Она слышит, как голос Макса шепчет ей на ухо: «Терпение, моя Жюльетта, чуточку терпения. Не спеши с выводами… Априори свои, разложенные по полочкам, смети одним махом».
Макс, заткнись!
«Не упирайся. Услышь тихую музыку, которую он играет тебе. Зайди хоть немного подальше».
Может быть, ты и прав. У него зеленые глаза, и я вижу краешек футболки с корабликами, высовывающийся из-под наглаженной рубашки.
– Знаете, я, наверное, поужинаю один.
Пять слов лопаются пузырями, унося благие намерения Жюльетты.
– Но почему?
– Зажигание не сработало.
Восьмилетняя девочка, которую словно стерли ластиком, стоит на тротуаре, и сердце ее ноет, а в животе поселилась пустота.
Я не его размерчика. Я одета не в тот цвет. Не принесла мне удачи эта блузка! Надо было раньше сообразить, она же совершенно немодная и к тому же мне жмет! Я не стройная и не загадочная. У меня никогда не будет тонких лодыжек. Высокие каблуки ничего не дают. Ген соблазна перескочил через поколение. Меня нельзя полюбить! И потом, я возвращалась в квартиру за сланцами, вот ангел и улетел. Все ясно!
Жюльетта запускает руку в карман, достает раздавленный батончик, сует в рот, роется в сумке, выуживает плитку шоколада с засахаренными апельсиновыми корочками, откусывает квадратик, второй, третий. Вот и нет второй шоколадки.
Сев на бордюр, она снимает босоножки, растирает ноющие лодыжки, надевает сланцы. Ей не хочется спускаться в метро, лучше пройтись пешком.
Домой. Проститься я немного поспешила!
Каждый раз одно и то же. Это вечное ощущение пустоты. В час, когда поднимается занавес, она не знает куда деваться. Включает телевизор, выключает, встает, ходит взад-вперед, смотрит на небо, на бамбук и снова садится. Берет со стола колоду карт. Делит ее надвое, схлопывает карты, тасует, раскидывает веером. Пасьянс всегда один и тот же. «Часы». Раскладывает двенадцать карт по кругу рубашкой кверху. Трижды. Четыре последних выкладывает в середину, переворачивает одну. Семерка пик; она кладет ее на «семь часов». Всегда надеется, что в конце выпадут четыре короля. Ни разу это ей не удалось.
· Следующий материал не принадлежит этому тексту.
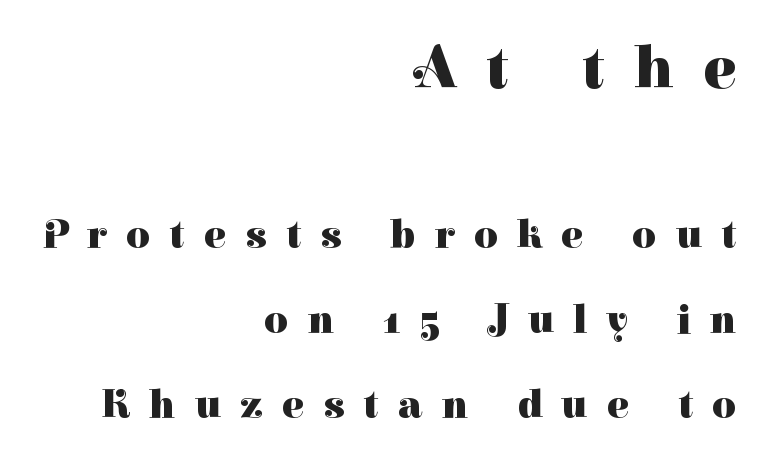
Q: Is the text bold? A: Yes.
Q: Is the text italic (slanted)? A: No, it is upright.
Q: Is the typeface a serif or a sans-serif typeface? A: Serif.
Q: Is the text underlined? A: No.
Q: How is the paragraph aligned? A: Right-aligned.
Q: Is the spacing between letters normal or unusually wide? A: Unusually wide.
Q: Is the spacing between lines tight, normal or loose? A: Loose.
Q: Which block of text is set in a larger size, the first (top) or the second (bottom)? A: The first (top) one.
Q: Width (condensed, normal, or wide)? A: Normal.
Q: Stroke contrast? A: High.
Q: x-height? A: Medium.
Q: Monospaced? A: No.
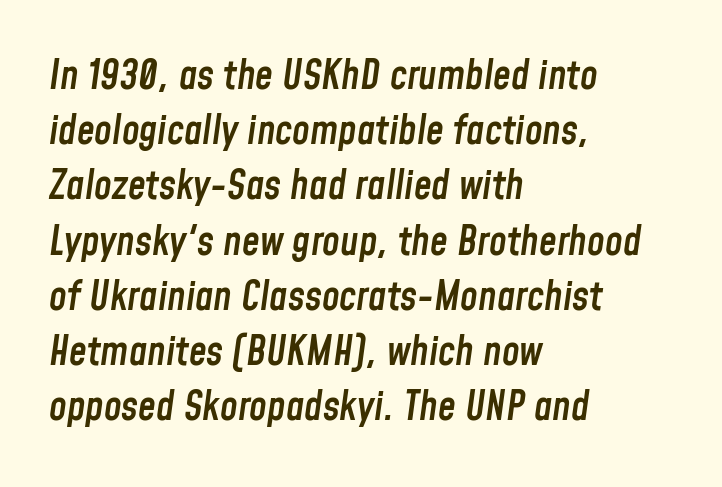
Q: Is the text bold? A: Semi-bold.
Q: Is the text italic (slanted)? A: Yes, it leans right by about 8 degrees.
Q: Is the text underlined? A: No.
Q: How is the paragraph aligned? A: Left-aligned.
Q: Is the spacing between letters normal or unusually wide? A: Normal.
Q: Is the spacing between lines tight, normal or loose? A: Normal.
Q: Width (condensed, normal, or wide)? A: Condensed.
Q: Stroke contrast? A: Low.
Q: x-height? A: Medium.
Q: Monospaced? A: No.
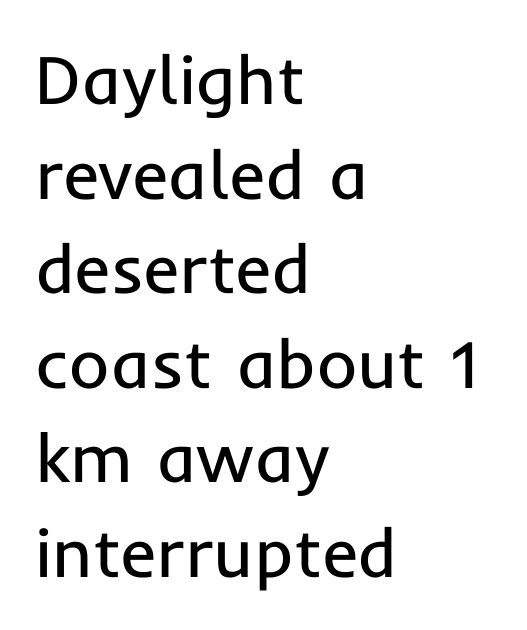
{"serif": "no", "italic": "no", "bold": "no", "weight": "regular", "width": "normal", "stroke_contrast": "low", "x_height": "medium", "monospaced": "no", "underline": "no", "align": "left", "line_spacing": "normal", "line_spacing_ratio": 1.37, "letter_spacing": "normal", "letter_spacing_em": 0.0, "glyph_px": 69}
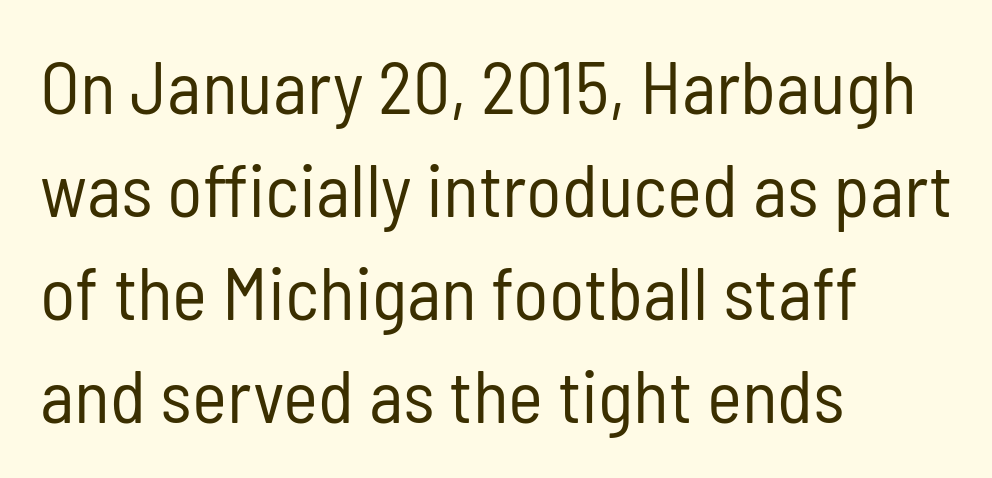
Q: Is the text bold? A: No.
Q: Is the text italic (slanted)? A: No, it is upright.
Q: Is the typeface a serif or a sans-serif typeface? A: Sans-serif.
Q: Is the text underlined? A: No.
Q: How is the paragraph aligned? A: Left-aligned.
Q: Is the spacing between letters normal or unusually wide? A: Normal.
Q: Is the spacing between lines tight, normal or loose? A: Normal.
Q: Width (condensed, normal, or wide)? A: Condensed.
Q: Stroke contrast? A: Low.
Q: x-height? A: Medium.
Q: Monospaced? A: No.
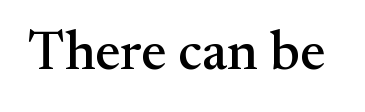
The image shows 55 px serif type, upright; set normal letter spacing, not underlined; medium stroke contrast and a small x-height.
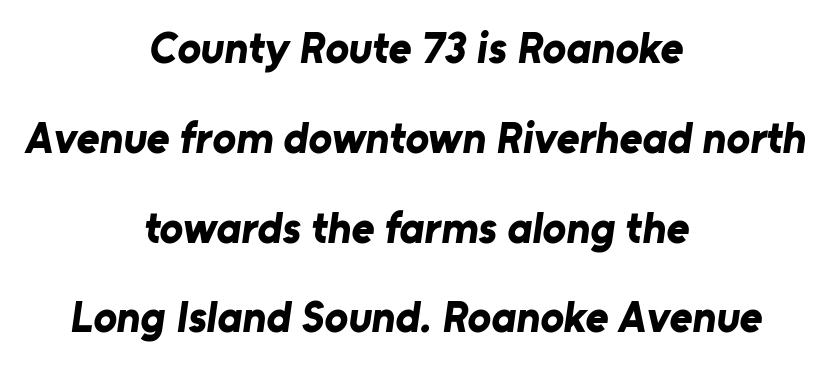
Is the type bold? Yes — the strokes are clearly thick and heavy. Horizontal alignment here is central, giving a formal, balanced look. A typesetter would call this zero additional tracking. Leading: increased. You could not count columns in this text — the font is proportionally spaced. Descender tails drop into unmarked territory.
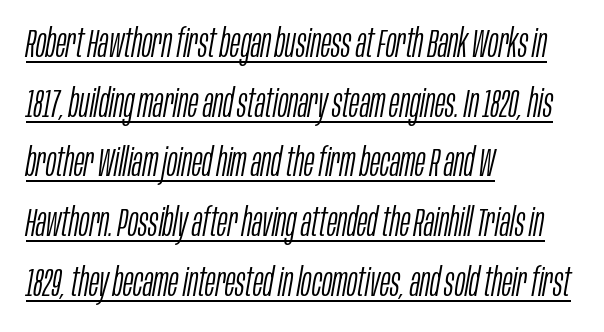
Q: Is the text bold? A: No.
Q: Is the text italic (slanted)? A: Yes, it leans right by about 10 degrees.
Q: Is the text underlined? A: Yes.
Q: How is the paragraph aligned? A: Left-aligned.
Q: Is the spacing between letters normal or unusually wide? A: Normal.
Q: Is the spacing between lines tight, normal or loose? A: Normal.
Q: Width (condensed, normal, or wide)? A: Condensed.
Q: Stroke contrast? A: Low.
Q: x-height? A: Large.
Q: Monospaced? A: No.
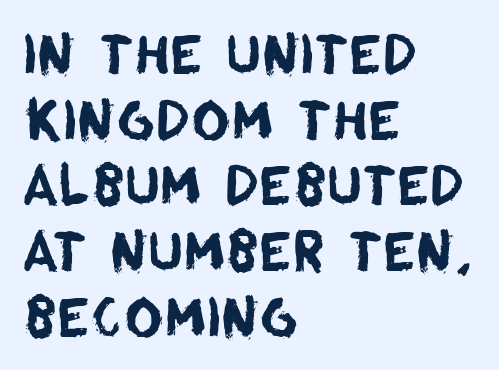
Q: Is the typeface a serif or a sans-serif typeface? A: Sans-serif.
Q: Is the text underlined? A: No.
Q: How is the paragraph aligned? A: Left-aligned.
Q: Is the spacing between letters normal or unusually wide? A: Normal.
Q: Width (condensed, normal, or wide)? A: Normal.
Q: Stroke contrast? A: Low.
Q: x-height? A: Large.
Q: Monospaced? A: No.
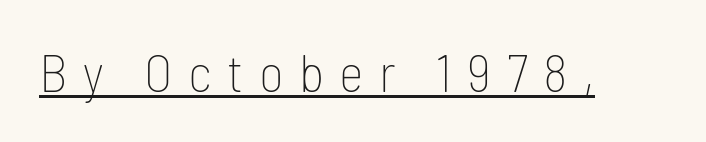
The image shows 53 px thin, condensed sans-serif type, upright; set unusually wide letter spacing (+0.29 em), underlined; low stroke contrast and a medium x-height.
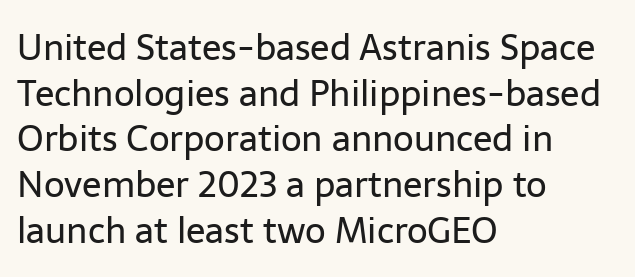
{"serif": "no", "italic": "no", "bold": "no", "weight": "regular", "width": "normal", "stroke_contrast": "low", "x_height": "medium", "monospaced": "no", "underline": "no", "align": "left", "line_spacing": "normal", "line_spacing_ratio": 1.27, "letter_spacing": "normal", "letter_spacing_em": 0.0, "glyph_px": 36}
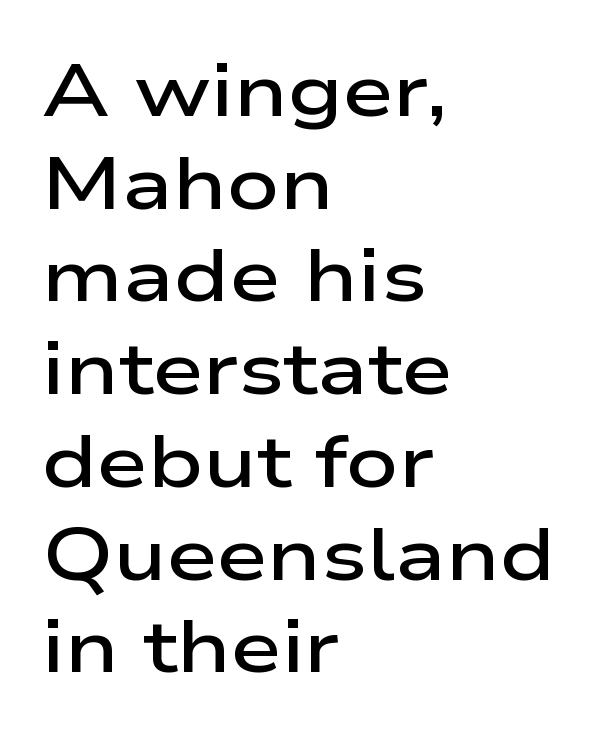
The typeface chosen for these lines omits serifs. Spacing verdict: proportional, widths tailored to each character. Interline gaps are of average width in this sample. The gaps between neighbouring characters are ordinary and unremarkable.
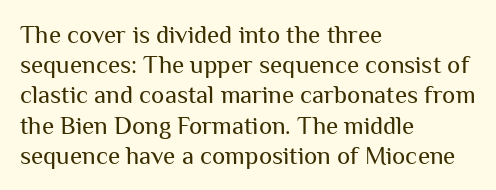
Q: Is the text bold? A: No.
Q: Is the text italic (slanted)? A: No, it is upright.
Q: Is the text underlined? A: No.
Q: How is the paragraph aligned? A: Left-aligned.
Q: Is the spacing between letters normal or unusually wide? A: Normal.
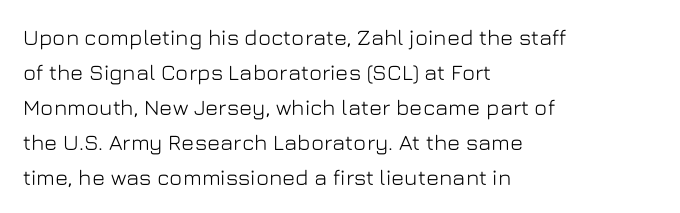
The vertical gap from one line to the next is medium. In terms of posture, this sample is upright. The ragged edge is on the right, which tells us the setting is flush left. Look at the tracking — it's just the regular setting, nothing added. Only glyphs here, with clear space below each row.
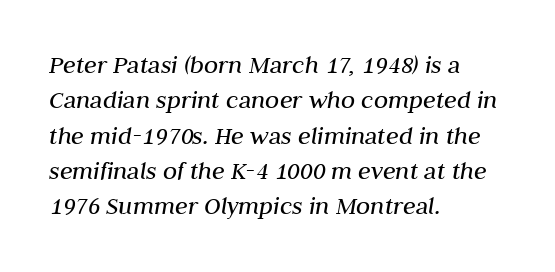
Rows of type keep a routine distance in the vertical direction. Reading down the block, your eye returns to a fixed left position each line. You can tell it's italic because the verticals aren't actually vertical. Underlining? Definitely not there. The face used here is rendered with its standard letterfit.
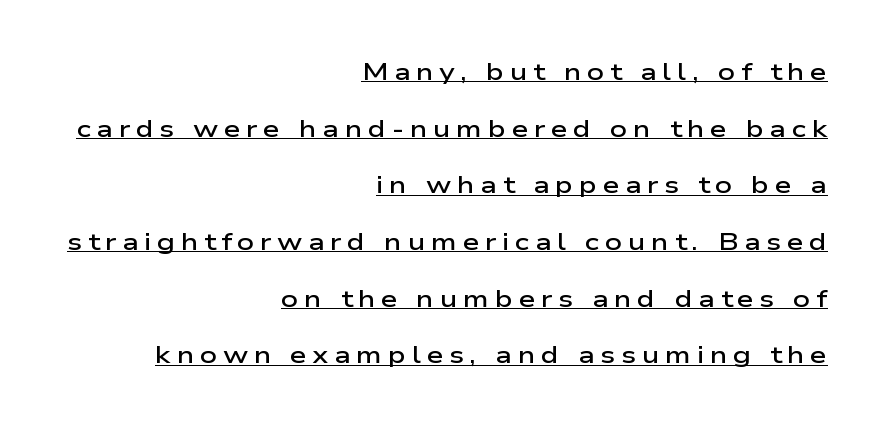
The image shows 24 px text type, upright; set right-aligned, loose line spacing (2.36x), unusually wide letter spacing (+0.23 em), underlined.

Королева нервничает. Девять часов! В этот час она выходила в свет рампы. В этот час даровала себя публике, воспаряла. Вот уже тридцать лет с наступлением вечера голова идет кругом. Весь день она шла к этой волнующей минуте, последней перед выходом на сцену: возбуждение, напряжение, полузабытье – и первое па. Теперь ей каждый день этого не хватает.
Она снова раскладывает пасьянс. И снова короли появляются задолго до конца. Она собирает карты, тасует, постукивает колодой по столу, чтобы выровнять края до полного совершенства, и убирает их в футляр. Она думает о своих успехах и провалах, о своих козырях и джокерах. Как ни старается она держать ностальгию на расстоянии, та всегда настигает ее, а в этот вечер ей особенно лихо. Вечер дефиле. Все ее воспоминания проходят перед глазами, как на параде.
Ей вспоминается Симон, осветитель. Это он ставил свет в ее уборной в Парижской опере. Он точно знал, какое освещение ей нужно, чтобы видеть себя в зеркале красивой. Она никогда его не забудет. Вспоминается Альбер, который подгонял ей балетные туфли тютелька в тютельку по ноге. Твердые носки, гибкая подошва, расширенная пятка. Пуанты были разные, правый чуть отличался от левого. Он знал каждый миллиметр ее ног от лодыжек до кончиков пальцев.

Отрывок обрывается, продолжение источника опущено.